Elasticsearch(十一)【NEST高级客户端--聚合】

最新推荐文章于 2024-10-18 09:49:15 发布

.NET跨平台

最新推荐文章于 2024-10-18 09:49:15 发布

阅读量4.3k

点赞数 1

分类专栏：全文搜索引擎之ElasticSearch和Solr .net平台下分布式开发技术文章标签： elasticsearch 聚合数据搜索

全文搜索引擎之ElasticSearch和Solr 同时被 2 个专栏收录

50 篇文章 11 订阅

订阅专栏

.net平台下分布式开发技术

50 篇文章 57 订阅

订阅专栏

聚合

聚合框架有助于提供基于搜索查询的聚合数据。它基于称为聚合的简单构建块，可以组合以构建复杂的数据统计。

 写聚合
 保留的聚合名称

写聚合

NEST允许你写聚合，使用

 严格流畅的DSL
 逐字对象初始化器语法，将逐字映射到Elasticsearch API
 一个更简洁的对象初始化器聚合DSL

三种不同的方式，这是一个很大的收获！让我们一次过一个，并解释什么时候你可能想要使用它们。

这是每个例子的json输出:

{
  "aggs": {
    "name_of_child_agg": {
      "children": {
        "type": "commits"
      },
      "aggs": {
        "average_per_child": {
          "avg": { "field": "confidenceFactor" } },
        "max_per_child": {
          "max": { "field": "confidenceFactor" } },
        "min_per_child": {
          "min": { "field": "confidenceFactor" } }
      }
    }
  }
}

Fluent DSL

Fluent 的lambda语法是编写聚合的最简单的方式。

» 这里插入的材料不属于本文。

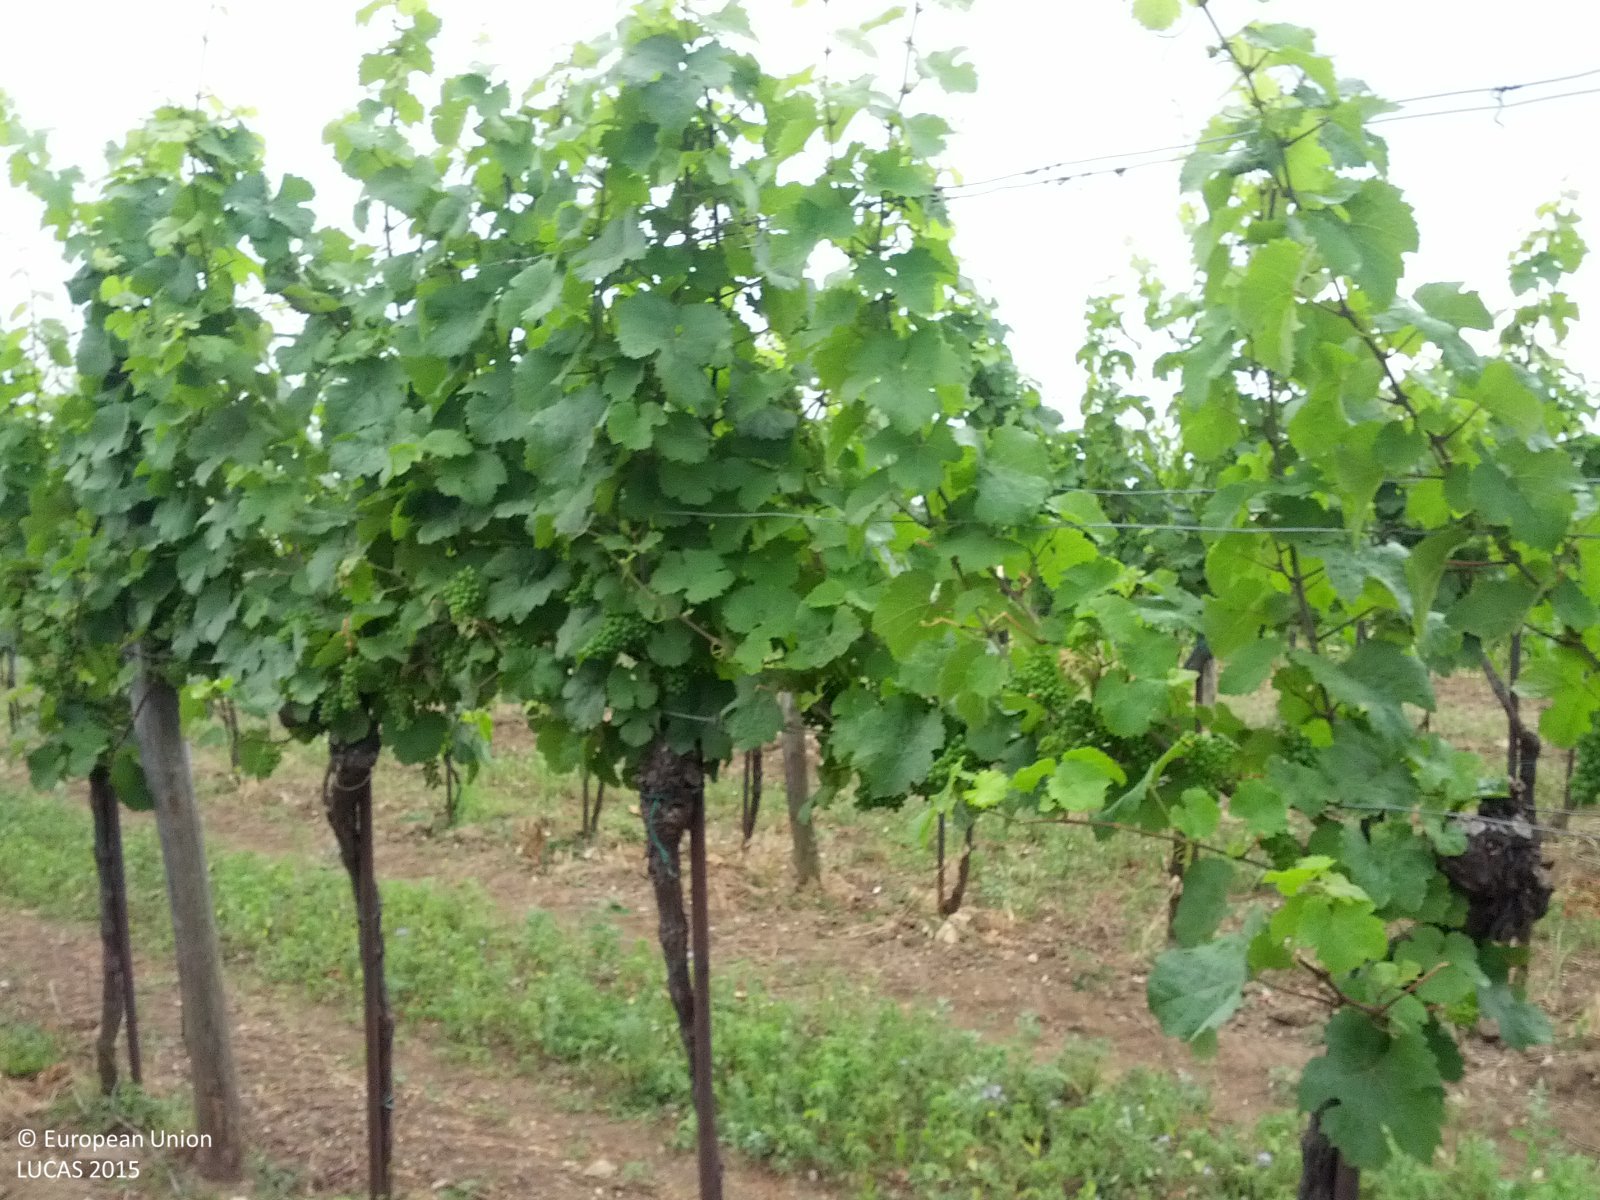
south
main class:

它受益于转载到子集合的类型

Fluent DSL example

s => s
.Aggregations(aggs => aggs
    .Children<CommitActivity>("name_of_child_agg", child => child
        .Aggregations(childAggs => childAggs
            .Average("average_per_child", avg => avg.Field(p => p.ConfidenceFactor))
            .Max("max_per_child", avg => avg.Field(p => p.ConfidenceFactor))
            .Min("min_per_child", avg => avg.Field(p => p.ConfidenceFactor))
        )
    )
)

对象初始化器语法

对象初始化器语法（OIS）是一个一对一映射，如何在Elasticsearch API中表示聚合。虽然它是一个一对一映射的好处，但是基于C＃的字典意味着它可以更快地填充。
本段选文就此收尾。